L’autre: Et qu’est-ce qu’une relation sociale?

GB: La réponse se trouve dans les sept propositions qui forment la structure de mon livre La Maison du sociologue et que nous allons lister.

  • Premier concept: les individus naissent et vivent dans des conditions (objectives et subjectives) d’existence;
  • Deuxième concept: ces conditions d’existence leur créent des problèmes vitaux de la vie commune. Vivre ensemble leur apporte, effectivement, un avantage comparatif énorme. S’ils ne vivaient pas ensemble, ils mourraient mais c’est difficile car leur vie commune leur pose et leur impose de résoudre quelques problèmes vitaux;
  • Troisième concept: pour résoudre ces problèmes vitaux, ils doivent organiser et gérer leurs relations sociales;
  • Quatrième concept: la pratique de ces relations socialise les individus membres des collectivités humaines. Elles en font des sujets et des acteurs individuels;
  • Cinquième concept: ces acteurs individuels sont, en même temps, engagés dans des logiques d’action collective;
  • Sixième concept: ces acteurs collectifs, pour donner du sens et légitimer leurs conduites, créent de la culture, c’est-à-dire des idéologies, des utopies et des modèles cultuels;
  • Retour au premier concept: cette créativité culturelle leur permet d’agir, de reproduire ou de transformer leurs conditions d’existence.

Et ainsi de suite, la roue ne s’arrête jamais de tourner! C’est une logique qui est cohérente avec ce qu’en 1975-1980, j’appelais une sociologie relationnelle. C’est la pratique des relations sociales qui fait que nous sommes ce que nous sommes et que nous devenons ce que nous devenons. Sans relations sociales nous ne serions rien!

C’est la pratique des relations sociales qui fait que nous sommes ce que nous sommes et que nous devenons ce que nous devenons. Sans relations sociales nous ne serions rien !

L’autre: Qu’est-ce qui a changé dans la discipline sociologique entre la période où tu commençais à enseigner et aujourd’hui?

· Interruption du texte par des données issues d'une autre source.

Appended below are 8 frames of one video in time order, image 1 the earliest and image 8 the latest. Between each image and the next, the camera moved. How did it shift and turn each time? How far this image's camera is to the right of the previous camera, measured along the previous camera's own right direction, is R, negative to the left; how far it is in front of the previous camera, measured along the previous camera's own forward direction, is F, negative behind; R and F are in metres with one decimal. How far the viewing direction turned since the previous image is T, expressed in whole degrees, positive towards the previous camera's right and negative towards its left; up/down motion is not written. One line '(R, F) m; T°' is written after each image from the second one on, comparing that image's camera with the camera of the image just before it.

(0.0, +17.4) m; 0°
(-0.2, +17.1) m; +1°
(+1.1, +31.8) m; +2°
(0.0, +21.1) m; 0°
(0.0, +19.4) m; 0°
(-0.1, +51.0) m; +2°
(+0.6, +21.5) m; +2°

GB: Je précise d’abord que chaque fois que j’ai lu un bon livre de sociologie, j’ai appris beaucoup de choses. Cela a toujours remis en question la citadelle théorique que j’ai essayé de construire pendant un demi-siècle. Mais voilà, je ne peux pas m’empêcher de construire ma citadelle! À vrai dire, construire une théorie est la seule chose qui m’ait vraiment passionné. Cela dit, on ne fait plus de la sociologie en 2018 comme on en faisait en 1918. Pourquoi? Parce que le modèle culturel régnant a changé. Nous sommes passés du règne du modèle progressiste à celui du modèle subjectiviste; ce changement a tout bouleversé, y compris la pratique sociologique. La sociologie est, évidemment, obligée de tenir compte du fait que l’individu veut devenir sujet de lui-même et acteur de son existence personnelle. Je n’ai pas d’autres explications que celle-là. Le fait que l’individu pense aujourd’hui que pour mener une vie bonne, il faut qu’il soit sujet et acteur, tel est le grand changement radical.

L’autre: Au cours de la décennie 1990, tu as travaillé sur la jeunesse. Comment situerais-tu les jeunes par rapport au modèle culturel subjectiviste actuel?

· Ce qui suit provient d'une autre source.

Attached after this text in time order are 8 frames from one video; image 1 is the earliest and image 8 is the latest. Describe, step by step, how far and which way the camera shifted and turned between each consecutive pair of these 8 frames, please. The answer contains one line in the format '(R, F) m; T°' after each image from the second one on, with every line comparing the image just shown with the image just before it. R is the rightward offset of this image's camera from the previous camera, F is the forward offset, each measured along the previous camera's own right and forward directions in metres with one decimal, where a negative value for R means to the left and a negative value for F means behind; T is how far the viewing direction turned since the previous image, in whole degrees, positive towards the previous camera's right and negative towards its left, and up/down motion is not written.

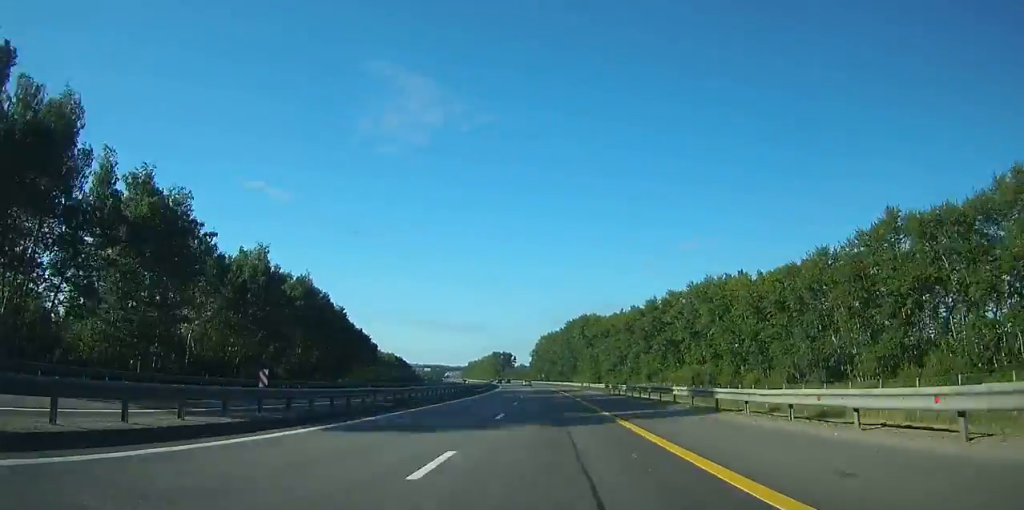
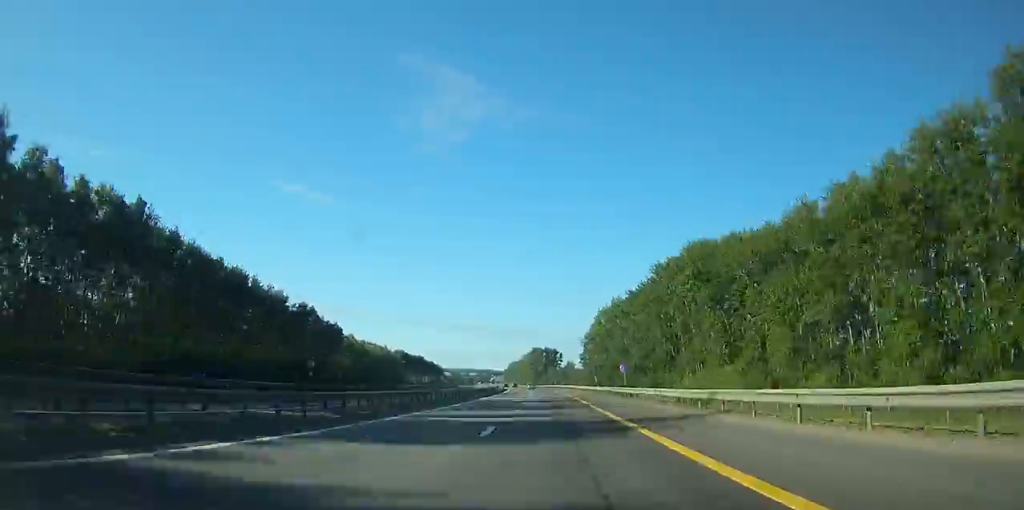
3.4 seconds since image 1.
(-5.2, +119.0) m; -4°
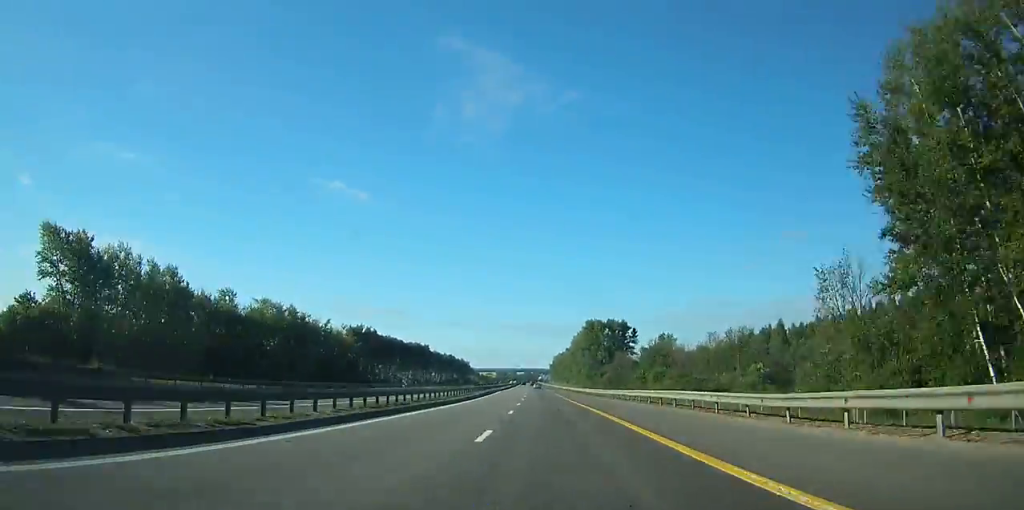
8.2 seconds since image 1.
(-6.7, +163.9) m; -5°
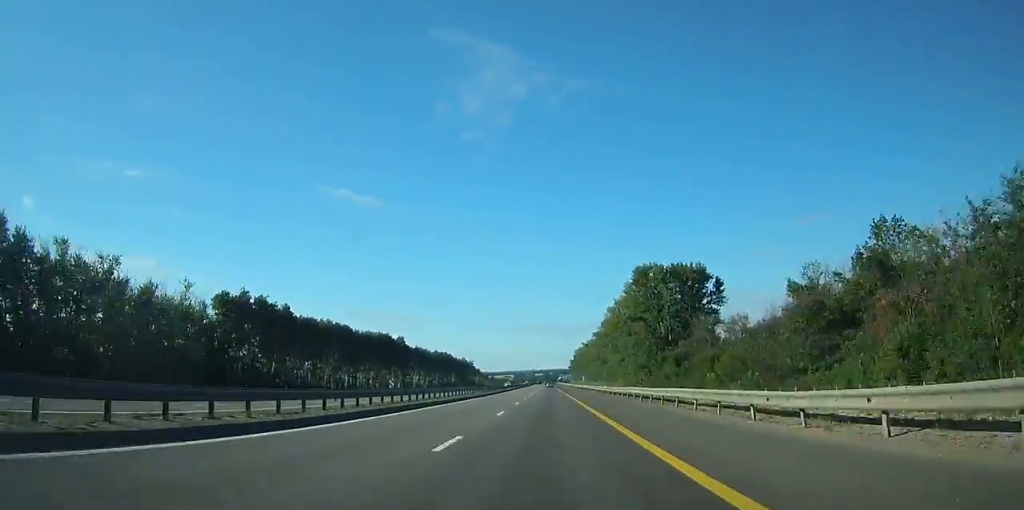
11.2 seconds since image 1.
(-1.9, +97.5) m; -1°
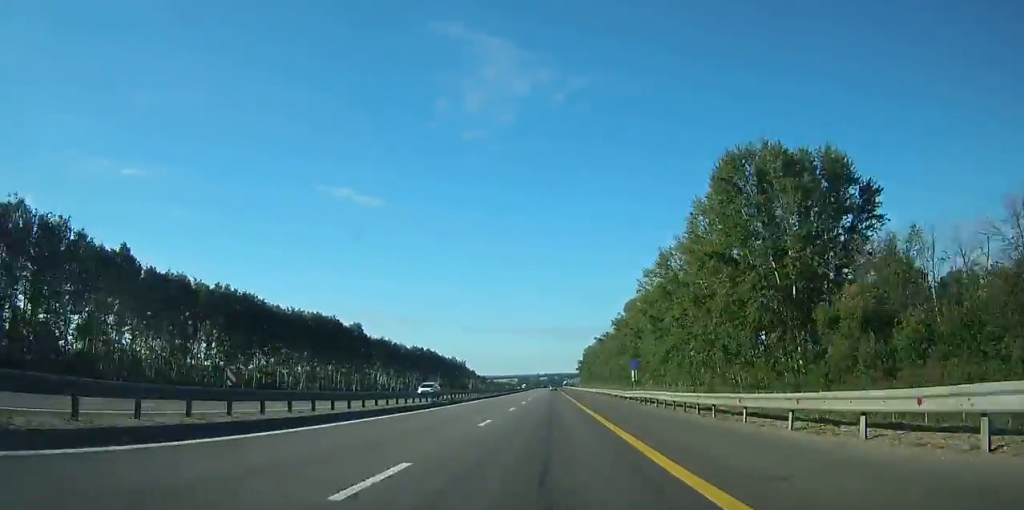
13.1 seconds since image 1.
(-0.4, +64.1) m; 0°
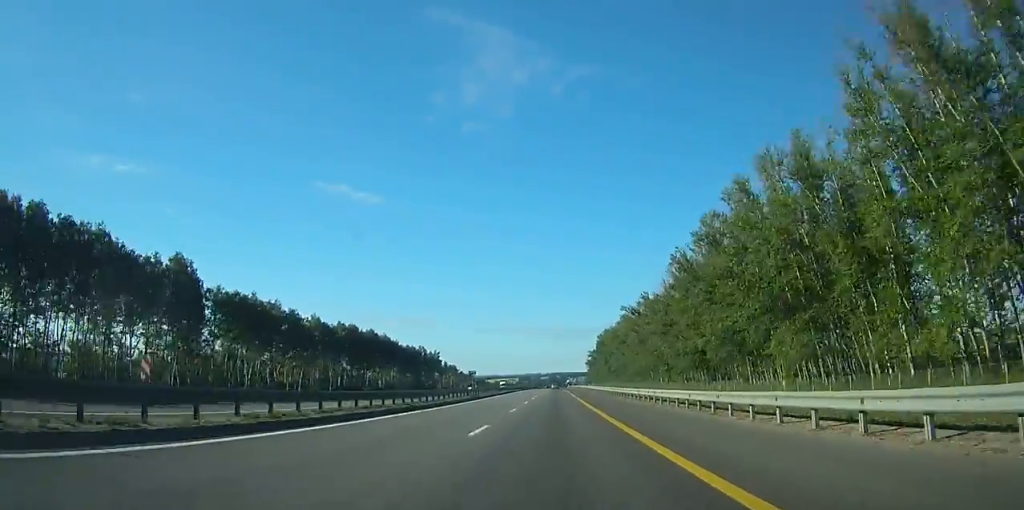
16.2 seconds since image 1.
(-0.3, +95.8) m; 0°
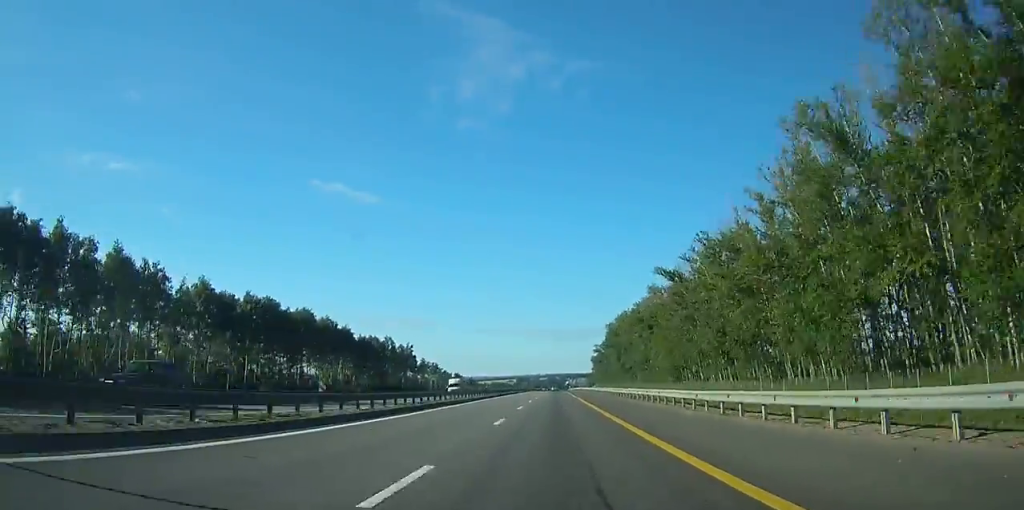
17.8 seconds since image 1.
(0.0, +52.1) m; 0°
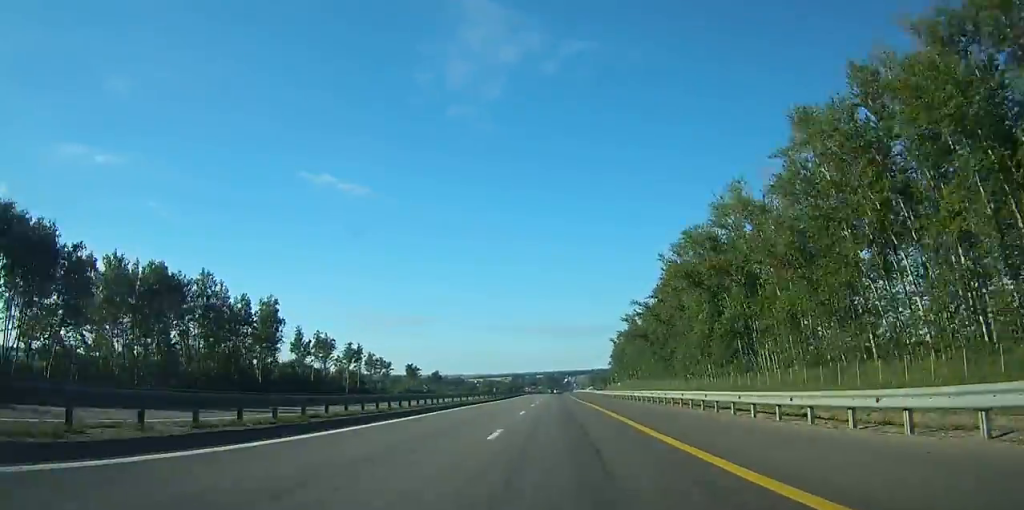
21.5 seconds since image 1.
(+0.3, +115.4) m; 0°

GB: J’ai assisté récemment à un colloque sur la transmission des valeurs chez les jeunes, en philosophie et lettres. Une intervenante a proposé les résultats d’une enquête sur la jeunesse d’aujourd’hui, dans les écoles. Manifestement, en l’écoutant, je me suis dit que les jeunes qu’elle avait étudiés étaient bien conformes au modèle culturel subjectiviste. Ils font, disent, pensent, ressentent tout ce que le modèle culturel subjectiviste leur dit de considérer comme bon, vrai, juste et beau. Le modèle culturel subjectiviste aujourd’hui, me semble-t-il, règne dans l’esprit des gens, pas seulement sur celui des jeunes. Il s’est installé entre 1965 et 1995 et, maintenant, il règne!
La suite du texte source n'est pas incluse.